Background: Patient safety is the main issue in healthcare services nowadays. Delaying to inform the critical value of laboratory results is a significant source of harm for the patient. The aim of this study is to compare the timeliness of laboratory critical value reporting before and after re-accreditation as one of the service quality indicators in Hospital X.
 Methods: This study was done by using observational cross-sectional in Hospital X on January - February 2020 with total sampling method of critical value reporting to the responsible clinician that originated from Intensive Care Unit (ICU), Verlos Kamer (VK), and inpatient ward (IW) 1-6 from January-December 2019. The timeliness of reporting was counted since the laboratory result was obtained until received by the responsible clinician within £ 30 minutes and categorized as "On time" or "Late".
 Results: During 2019, there were 816 reporting which has been done before re-accreditation (511) and after re-accreditation (305) with 17 kinds of tests. The most reported test was platelet with 349 (before re-accreditation) and 101 (after re-accreditation), whilst SGOT/SGPT and albumin were the fewest one. The lowest timeliness of reporting percentage was 76,00% (February), whilst the highest was 98,48% (November). The timeliness of reporting's percentage was 84,34% (before re-accreditation) and 94,43% (after re-accreditation). The statistical analysis result revealed Pearson Chi-Square correlation was 18,535 with significance 0,000 and 3,145 odds ratio which shows that re-accreditation could significantly increase the timeliness of critical value reporting three times.
 Conclusion: This result showed that re-accreditation could affect the timeliness of laboratory critical value reporting to the responsible clinicians.
 Keywords: re-accreditation, critical value, laboratory, patient safety, hospital
 
 Abstrak
 Latar belakang: Keselamatan pasien merupakan isu utama dalam pelayanan kesehatan. Tertundanya komunikasi hasil nilai kritis laboratorium merupakan sumber bahaya yang signifikan terhadap pasien. Penelitian ini bertujuan untuk membandingkan ketepatan waktu pelaporan nilai kritis laboratorium sebelum dan setelah reakreditasi sebagai salah satu indikator mutu di RS X.

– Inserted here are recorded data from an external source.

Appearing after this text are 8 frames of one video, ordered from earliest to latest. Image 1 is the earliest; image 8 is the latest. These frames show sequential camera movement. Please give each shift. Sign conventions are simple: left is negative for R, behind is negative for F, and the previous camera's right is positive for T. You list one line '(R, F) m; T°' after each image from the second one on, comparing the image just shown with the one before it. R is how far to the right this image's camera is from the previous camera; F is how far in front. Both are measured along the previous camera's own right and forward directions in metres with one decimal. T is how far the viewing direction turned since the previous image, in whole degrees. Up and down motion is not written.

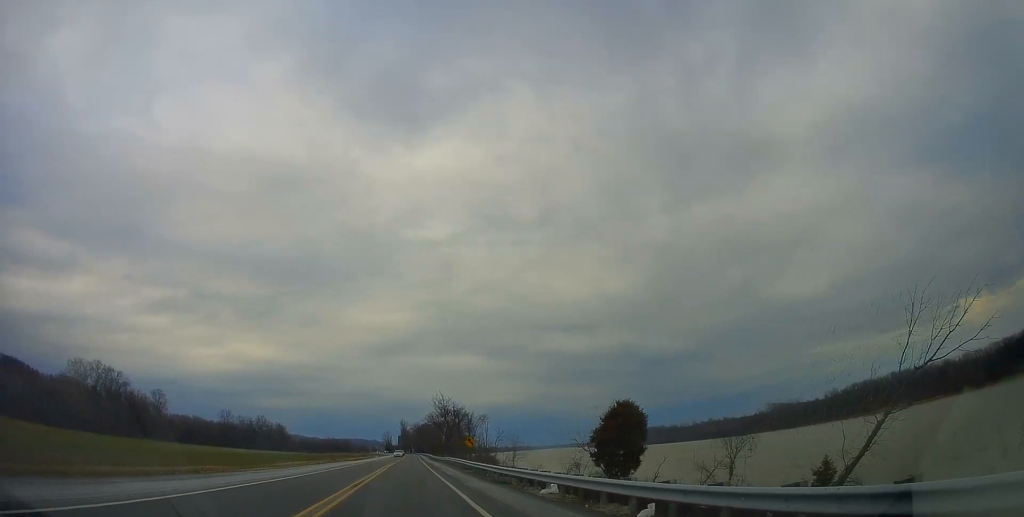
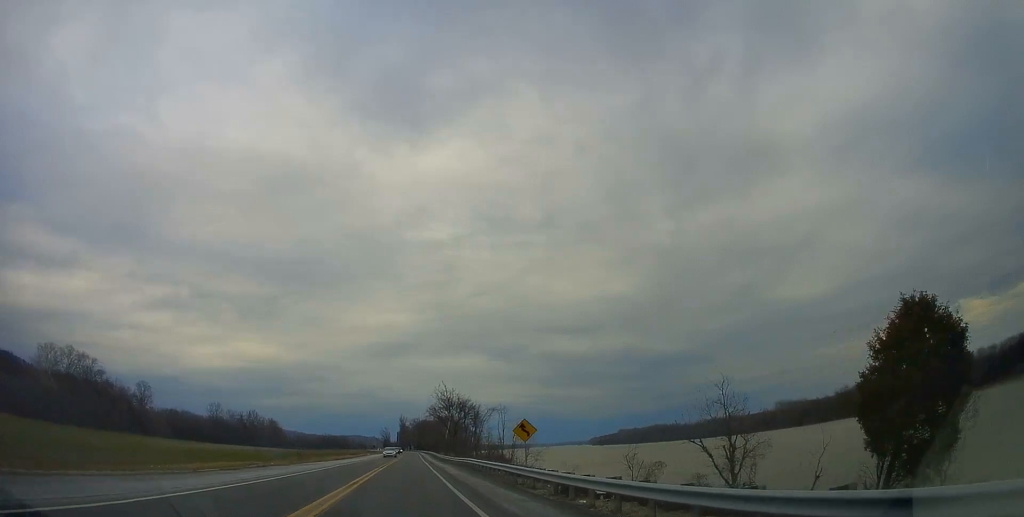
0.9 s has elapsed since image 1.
(-1.1, +24.1) m; -1°
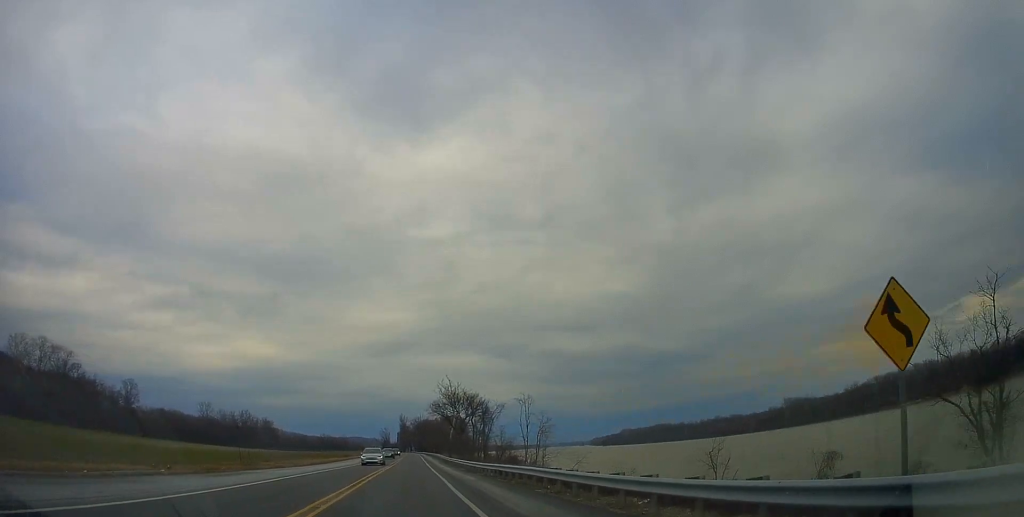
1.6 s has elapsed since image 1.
(+0.6, +21.3) m; +1°
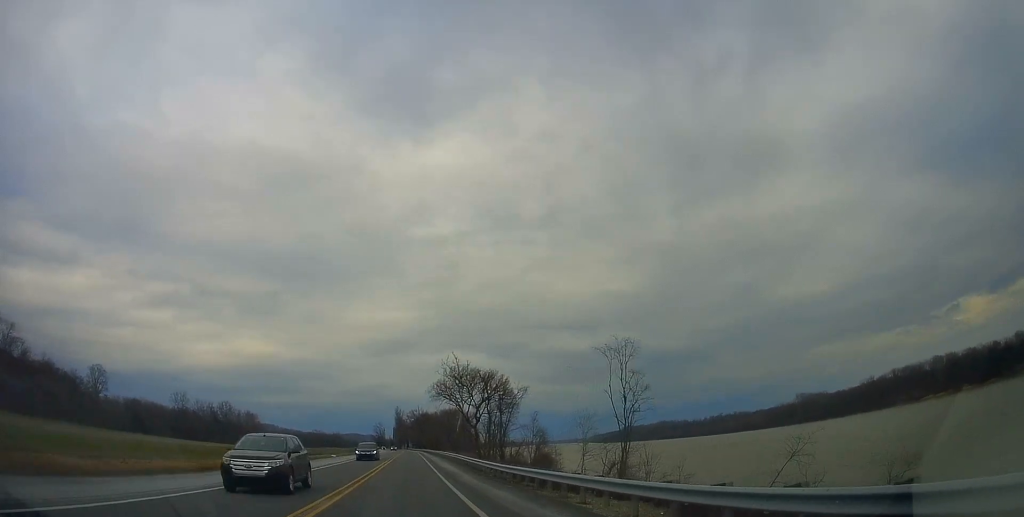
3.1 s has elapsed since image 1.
(+0.2, +39.5) m; -1°
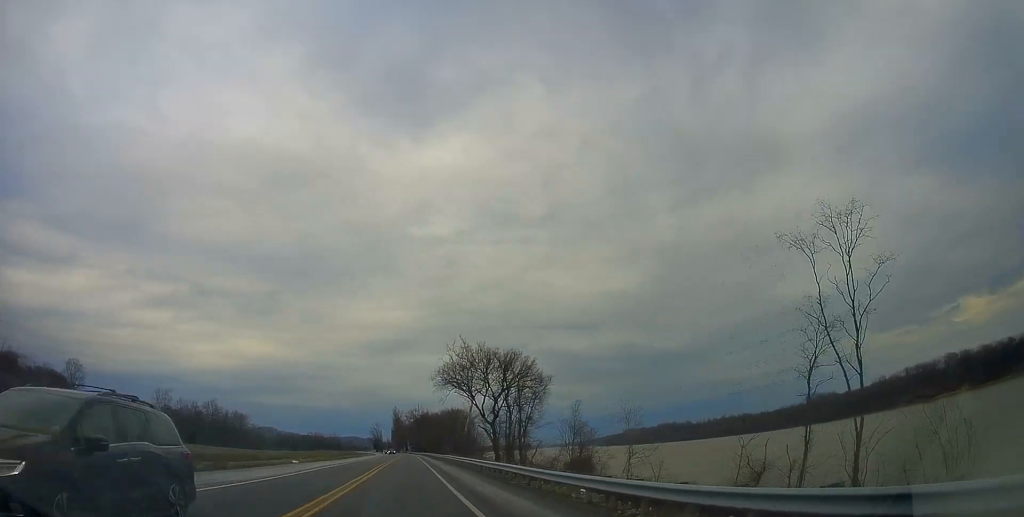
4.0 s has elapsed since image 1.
(-0.6, +25.5) m; 0°
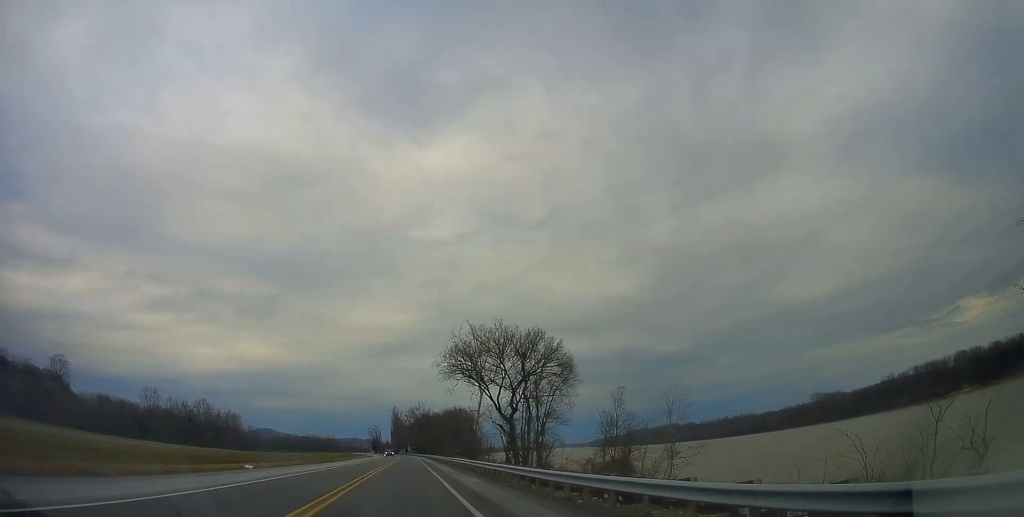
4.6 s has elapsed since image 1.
(+0.4, +15.6) m; 0°
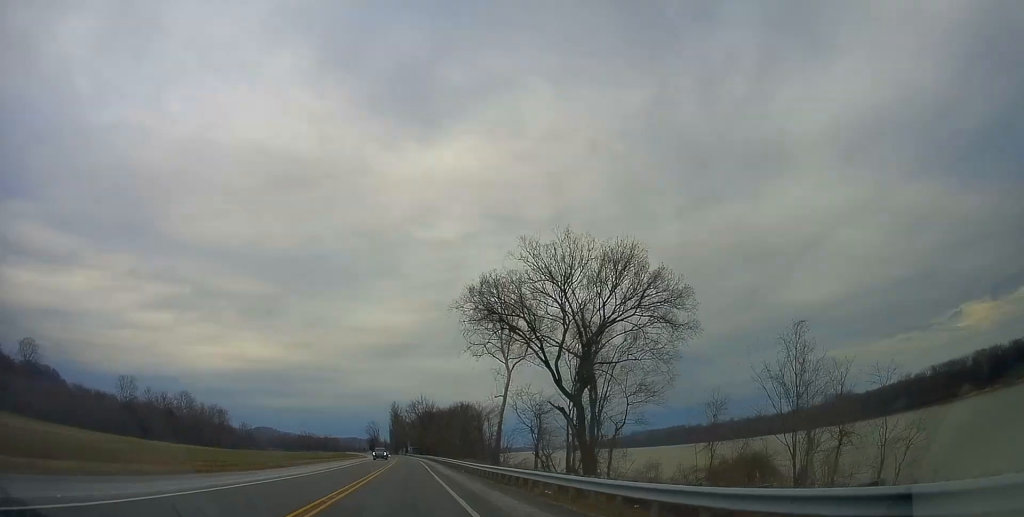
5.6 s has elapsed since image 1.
(-0.2, +29.4) m; 0°
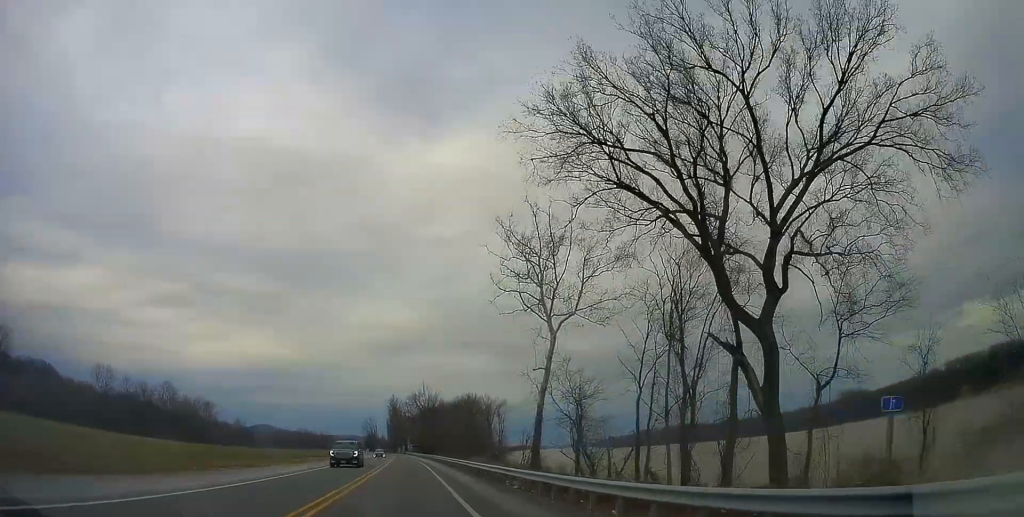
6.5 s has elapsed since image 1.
(+0.4, +24.6) m; 0°

 Metode: Penelitian dilakukan dengan cara observasional dengan metode cross sectional di RS X pada Januari - Februari 2020 dengan total sampling laporan nilai kritis kepada Dokter Penanggung Jawab Pasien (DPJP) yang berasal dari ruang Intensive Care Unit (ICU), Verlos Kamer (VK), dan ruang rawat inap 1 – 6 sejak Januari – Desember 2019. Ketepatan waktu pelaporan dihitung sejak hasil pemeriksaan didapatkan hingga diterima oleh DPJP dalam waktu £ 30 menit dan dinyatakan sebagai "Tepat Waktu" atau "Terlambat".
 Hasil: Selama tahun 2019, terdapat 816 pelaporan yang dilakukan sebelum akreditasi (511) dan setelahnya (305) dengan 17 jenis pemeriksaan. Pemeriksaan trombosit menjadi yang paling banyak dilaporkan yaitu 349 (sebelum akreditasi) dan 101 (setelah akreditasi), sedangkan SGOT/SGPT dan albumin menjadi yang paling sedikit. Persentase ketepatan waktu pelaporan paling rendah adalah 76,00% (Februari) sedangkan yang paling tinggi adalah 98,48% (November). Persentase ketepatan waktu pelaporan didapatkan 84,34% (sebelum akreditasi) dan 94,43% (setelah akreditasi). Hasil analisis statistik didapatkan korelasi Pearson Chi-Square 18,535 dengan signifikansi 0,000 dan Odds ratio 3,145 menunjukkan re-akreditasi mampu meningkatkan kemungkinan ketepatan waktu pelaporan nilai kritis sebesar tiga kali lipat.
 Kesimpulan: Hal ini menunjukkan bahwa re-akreditasi mampu mempengaruhi ketepatan waktu pelaporan nilai laboratorium kritis kepada DPJP.
 Kata kunci: re-akreditasi, nilai kritis, laboratorium, keselamatan pasien, rumah sakit.